6 memorable things about the 2022 Singapore Grand Prix
It rained at the Marina Bay Street Circuit over the weekend - and not just in terms of water but also fans, food and fun.
The 2022 Singapore Airlines Singapore Grand Prix heralded a return to normalcy for the country post-Covid.
Here's what stood out:
1. The basic stuff is still key
It bucketed on Saturday and Sunday, leaving the 5.063km track drenched and hazardous.
F1 boasts cutting edge technology in many areas but when it came to the most important task of clearing the track of excess water, the most handy instruments were brooms, brushes and squeegees.
2. Hungry for more
From burgers to bellinis, hotdogs to sushi, diners had plenty of festival fare to keep their engines revving throughout the weekend.
The Paddock Club was the place to be for high-end cuisine dished out for VIPs by famed celebrity chefs such as Wolfgang Puck, Nobuyuki Matsuhisa and Jean-Georges Vongerichten.
It housed several watering holes including Arrival Bar and Driver's Left by Jigger & Pony and Wolfgang Puck Champagne Bar.
On the F1 village grounds, queues never ceased for the likes of lobster rolls from Luke's Lobster and plant-based burgers from food truck The Goodburger.
3. Nostalgia acts aplenty
Many of the crowd-pleasing performers produced their biggest hits in the 1990s and early 2000s that instantly took audiences down memory lane. So although the line-up was considerably safe, it possessed the winning formula for fans' maximum entertainment.
American girl group TLC's set naturally included their signature tracks Waterfalls (1995) and No Scrubs (1999), while English rock band Suede got the audience singing and swaying along to their catchy 1996 track Beautiful Ones.
The Black Eyed Peas opened their show with the 2004 party anthem Let's Get It Started, and populated the rest of the gig with the thumping Pump It (2006) and uptempo I Got A Feeling (2009). American rock band Green Day also transported everyone back in time with songs from their 1994 breakthrough album Dookie, as well as slowed things down with the sombre Boulevard Of Broken Dreams (2004), which was 2006's Record of the Year at the Grammys.
4. When it gets wet, get creative
The wet weather failed to dampen the spirits of many concertgoers.
When the rain poured down towards the end of Australian rapper The Kid Laroi's set on Sunday, some fans gave up trying to stay dry and decided to dance in the downpour instead.
Westlife's gig on Saturday also fell on the third birthday of member Mark Feehily's daughter Layla. Although the girl was not present, he got the crowd to sing happy birthday to her.
One lucky and resourceful fan in the front row even managed to get many stars to autograph his book. During Black Eyed Peas' set on Saturday, he passed it to will.i.am while the rapper was performing Scream & Shout, who signed it without missing a beat. During Westlife's concert after that, the fan did the same thing, and successfully nabbed signatures from all four members.
The F1 concert weekend wrapped with Green Day's glorious finale on Sunday, which boasted fireworks before, during and after the set, taking the excitement up another notch.
5. Not a happy birthday
It was not a birthday weekend to remember for Max Verstappen. The Dutchman had a chance to claim his second world championship in Singapore, although he needed a whole host of factors to do so.

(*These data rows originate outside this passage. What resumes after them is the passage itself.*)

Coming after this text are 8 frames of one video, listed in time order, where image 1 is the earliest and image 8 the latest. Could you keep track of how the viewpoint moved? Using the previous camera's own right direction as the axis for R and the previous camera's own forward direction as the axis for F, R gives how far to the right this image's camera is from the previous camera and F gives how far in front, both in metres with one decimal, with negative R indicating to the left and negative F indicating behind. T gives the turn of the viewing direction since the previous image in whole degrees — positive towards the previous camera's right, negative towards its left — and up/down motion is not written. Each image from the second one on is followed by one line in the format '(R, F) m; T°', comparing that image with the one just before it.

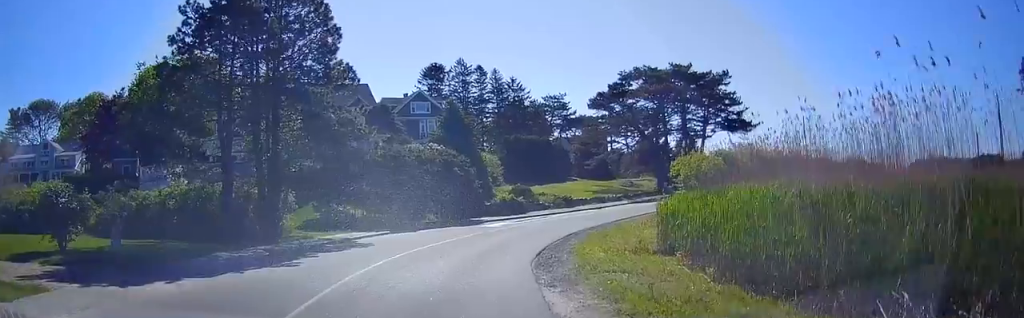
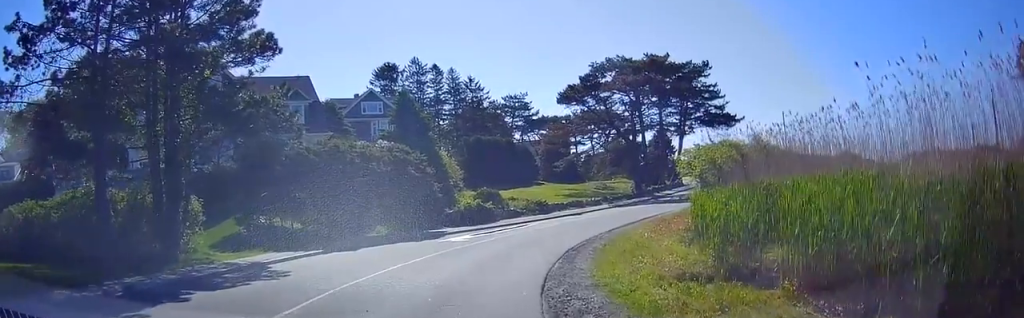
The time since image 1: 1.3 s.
(0.0, +6.9) m; +5°
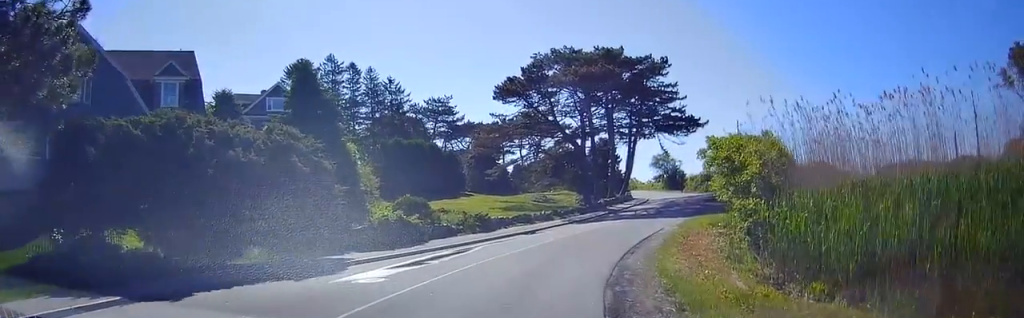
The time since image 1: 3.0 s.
(+0.2, +10.2) m; +7°
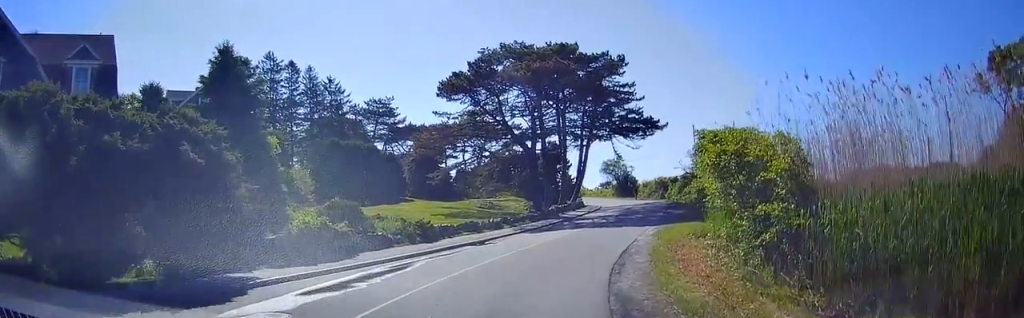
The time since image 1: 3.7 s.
(+0.3, +3.9) m; +7°
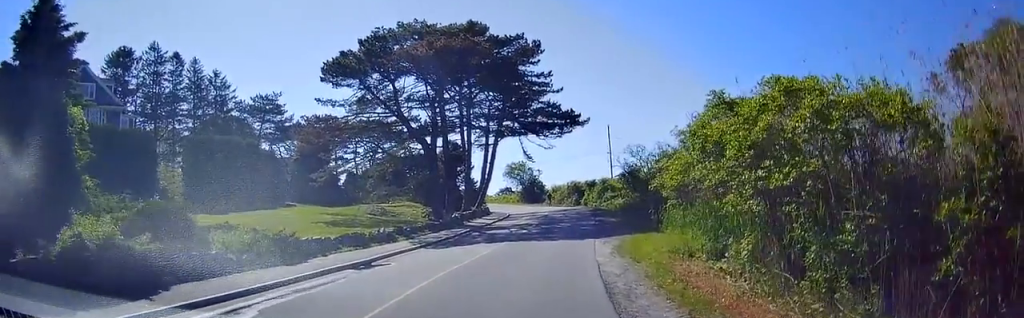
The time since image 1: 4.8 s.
(+1.0, +7.4) m; +10°
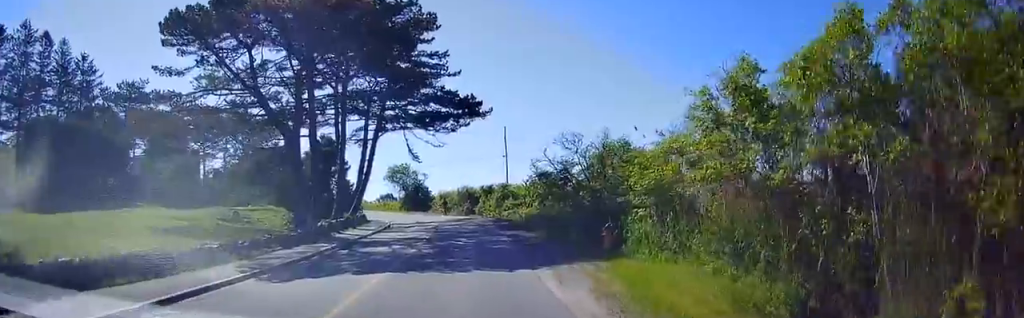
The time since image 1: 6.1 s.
(+0.6, +9.4) m; +11°
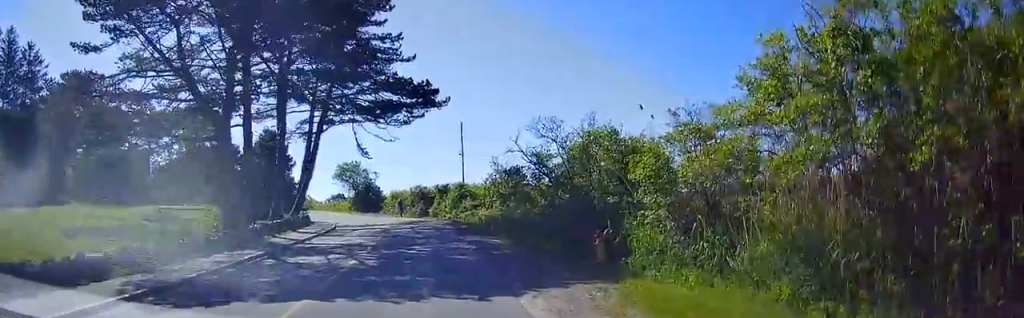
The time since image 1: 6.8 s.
(+0.3, +4.0) m; +4°
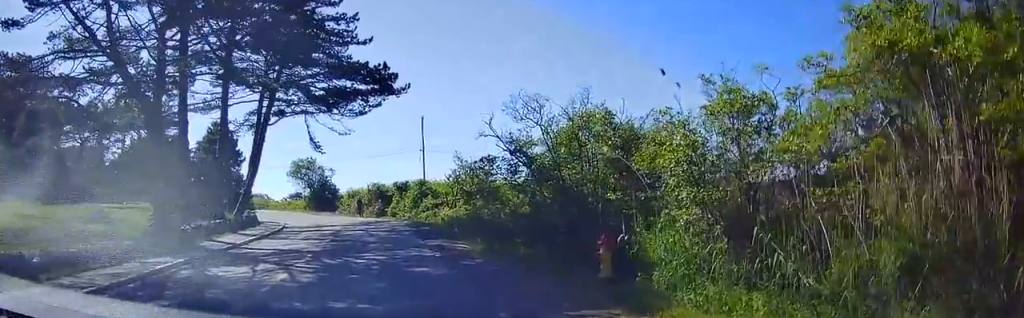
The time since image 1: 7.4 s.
(+0.3, +3.7) m; +2°
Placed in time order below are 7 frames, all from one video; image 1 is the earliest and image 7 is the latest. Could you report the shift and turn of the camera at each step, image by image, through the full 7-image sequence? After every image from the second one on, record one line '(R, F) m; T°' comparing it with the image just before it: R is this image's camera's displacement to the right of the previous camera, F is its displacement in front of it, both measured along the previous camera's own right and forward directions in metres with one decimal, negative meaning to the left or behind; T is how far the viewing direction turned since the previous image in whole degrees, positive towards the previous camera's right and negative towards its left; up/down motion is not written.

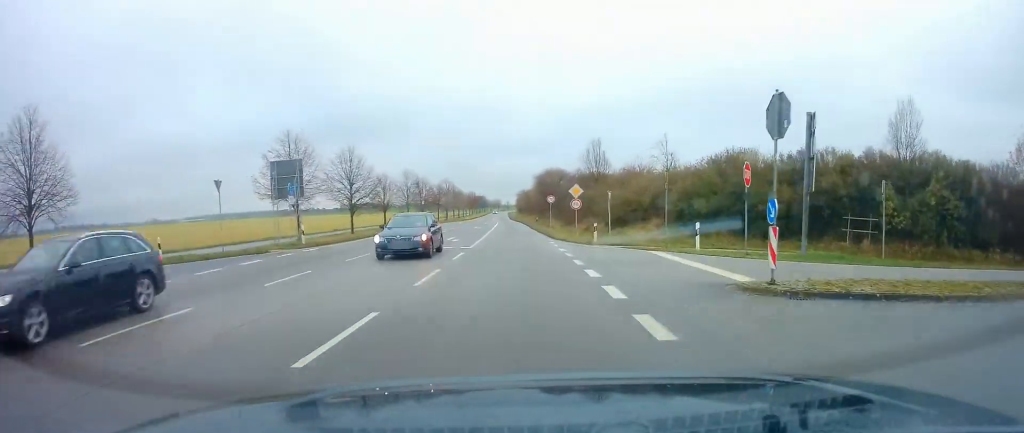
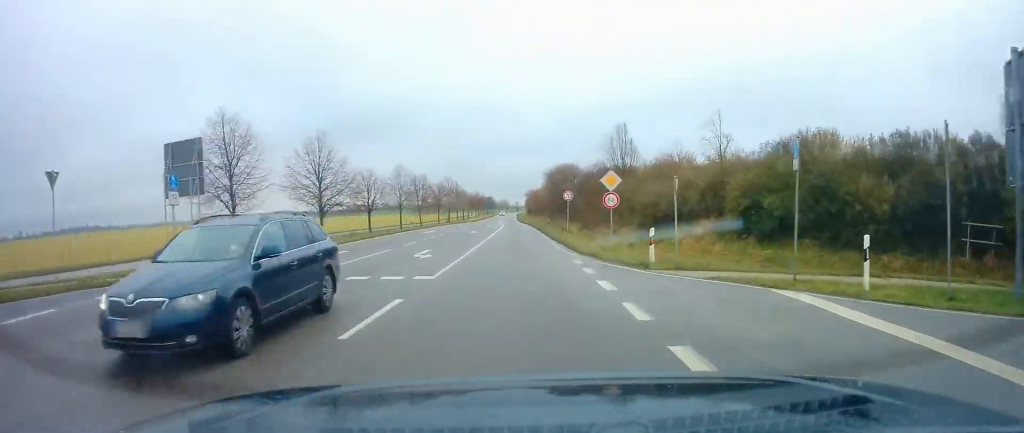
(-0.3, +10.9) m; -1°
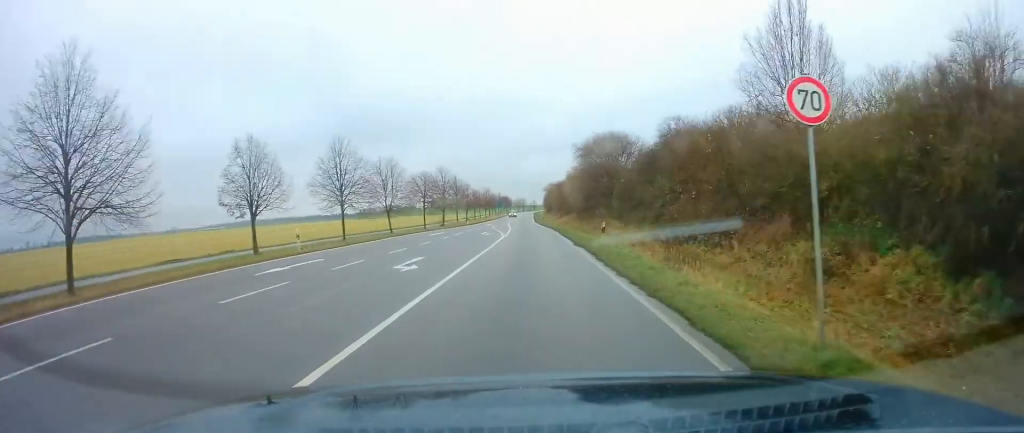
(-0.1, +29.6) m; -1°
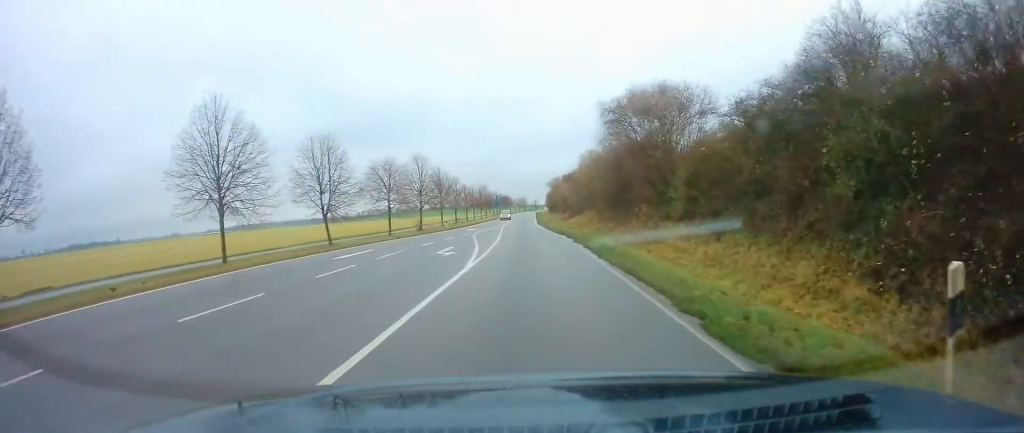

But he was forced to abandon his final fastest lap for qualifying on Saturday after the team discovered that his Red Bull was running low on fuel. It left the Dutchman hot under the collar and sparked an expletive-laden outburst over the team radio.
He started Sunday's race eighth on the grid but despite putting on a typically aggressive display around the tricky, twisty circuit, he could only finish seventh and his wait for a first win at Marina Bay continues.
6. Ending the weekend on a high
Many trackside hotels were reportedly fully booked for the race weekend, with the Ministry of Trade and Industry also reporting that average daily rates were "expected to exceed historical rates of $440 per night".
More significantly though, the 2022 edition attracted a record of 302,000 fans, who packed the stands over the three days. The previous high was 300,000 for the first night race in 2008.